Vengo alla materia più spinosa, la sanità.

I motivi che legittimano il trasferimento di questo insieme di competenze nel campo della sanità, sono che i LEA definiscono i livelli essenziali di assistenza in campo sanitario. La stessa sentenza 192/2024 della Corte costituzionale accoglie questa equiparazione, non a caso richiamata espressamente nelle premesse delle Intese preliminari, così come avviene con il comma 5 dell’articolo 1 del ddl AS 1623, in discussione in questa I Commissione.

Non sono aduso a ignorare o a manipolare le sentenze della Corte costituzionale.  Sostengo che lungi dall’essere un punto di forza per il trasferimento delle competenze in campo sanitario, il richiamo alla sentenza 192/2024 è un punto di debolezza delle Intese preliminari.

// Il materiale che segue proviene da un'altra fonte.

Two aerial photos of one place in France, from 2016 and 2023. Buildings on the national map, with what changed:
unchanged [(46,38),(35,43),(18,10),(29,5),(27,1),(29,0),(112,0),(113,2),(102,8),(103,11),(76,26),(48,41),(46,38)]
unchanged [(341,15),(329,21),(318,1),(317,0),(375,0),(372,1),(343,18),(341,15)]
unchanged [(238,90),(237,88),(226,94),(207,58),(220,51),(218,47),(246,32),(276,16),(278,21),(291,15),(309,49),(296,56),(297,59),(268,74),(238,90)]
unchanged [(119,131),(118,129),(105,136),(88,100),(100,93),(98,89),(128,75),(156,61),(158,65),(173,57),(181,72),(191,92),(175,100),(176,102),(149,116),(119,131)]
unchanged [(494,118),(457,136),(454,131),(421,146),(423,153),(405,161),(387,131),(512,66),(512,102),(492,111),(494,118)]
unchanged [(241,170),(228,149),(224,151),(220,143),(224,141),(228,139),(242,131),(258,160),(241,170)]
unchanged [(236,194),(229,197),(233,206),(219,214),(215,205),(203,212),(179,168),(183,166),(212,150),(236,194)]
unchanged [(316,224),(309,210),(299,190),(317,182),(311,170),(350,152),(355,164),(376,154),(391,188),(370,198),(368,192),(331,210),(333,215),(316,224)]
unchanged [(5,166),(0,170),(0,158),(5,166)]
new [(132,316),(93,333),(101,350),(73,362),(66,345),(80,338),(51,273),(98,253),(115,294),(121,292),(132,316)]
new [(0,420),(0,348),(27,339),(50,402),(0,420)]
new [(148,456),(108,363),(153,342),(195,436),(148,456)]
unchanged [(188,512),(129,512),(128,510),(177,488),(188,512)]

Occorre ricordare che la Corte costituzionale è un organo giurisdizionale, è il giudice delle leggi, essa non fa le leggi, è, come ha spiegato Kelsen, al massimo un legislatore negativo (Wesen und Entwicklung der Staatsgerichtsbarkeit, Berlin-Leipzig, 1929, pp. 52-56). Poteva mai la Corte valutare i LEA in sede di discussione dei ricorsi alla legge 86/2024 e giudicarli in sede di sentenza? Si sarebbe sostituita al Parlamento, è il Parlamento a dover indagare e valutare se l’applicazione dei LEA abbiano o meno garantito i livelli essenziali di prestazione: è il Parlamento chiamato a valutare se è fondata l’identificazione tra i LEA e i LEP. Martin Kriele, pur con un approccio teorico diverso, articola il discorso di Kelsen, specificando che: ‘Il parlamentare assomma in sé il ruolo di avvocato e quello di giudice. È il rappresentante del popolo investito di un mandato generale: deve difenderne gli interessi, sostenerne le istanze e formulare proposte a suo nome. Nel processo politico, diversamente da quello giudiziario, chi argomenta e chi decide non sono soggetti distinti, ma coincidono’ (Einführung in die Staatslehre, Stuttgart 20036, p. 207).

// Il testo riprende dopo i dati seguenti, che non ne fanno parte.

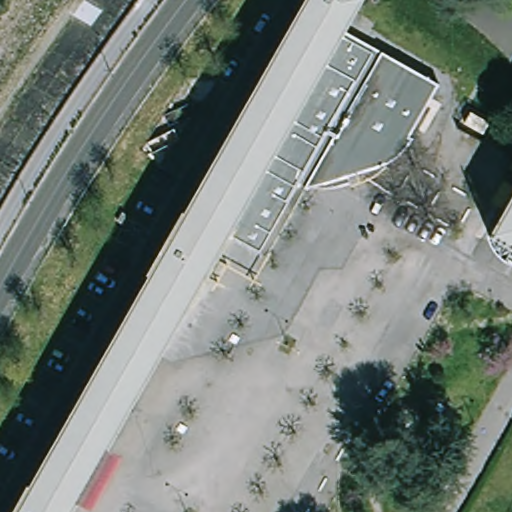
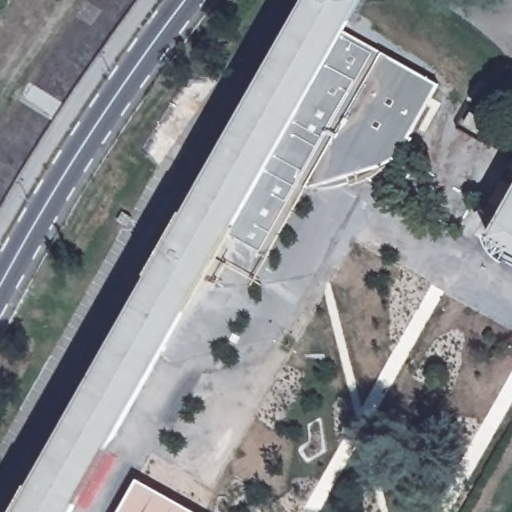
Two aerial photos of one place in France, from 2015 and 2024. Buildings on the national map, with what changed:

È il Parlamento, sede di giudizio sugli effetti degli atti normativi e di decisione politica di innovazione legislativa, a dover trarre un bilancio dei LEA e valutare se essi corrispondono a quanto prescritto in Costituzione, non solo alla luce della lettera m, comma 2 dell’articolo 117, ma anche alle disposizioni dei suoi articoli 3 e 32. E quale migliore occasione se non questa delle Intese preliminari per varare una nuova disciplina?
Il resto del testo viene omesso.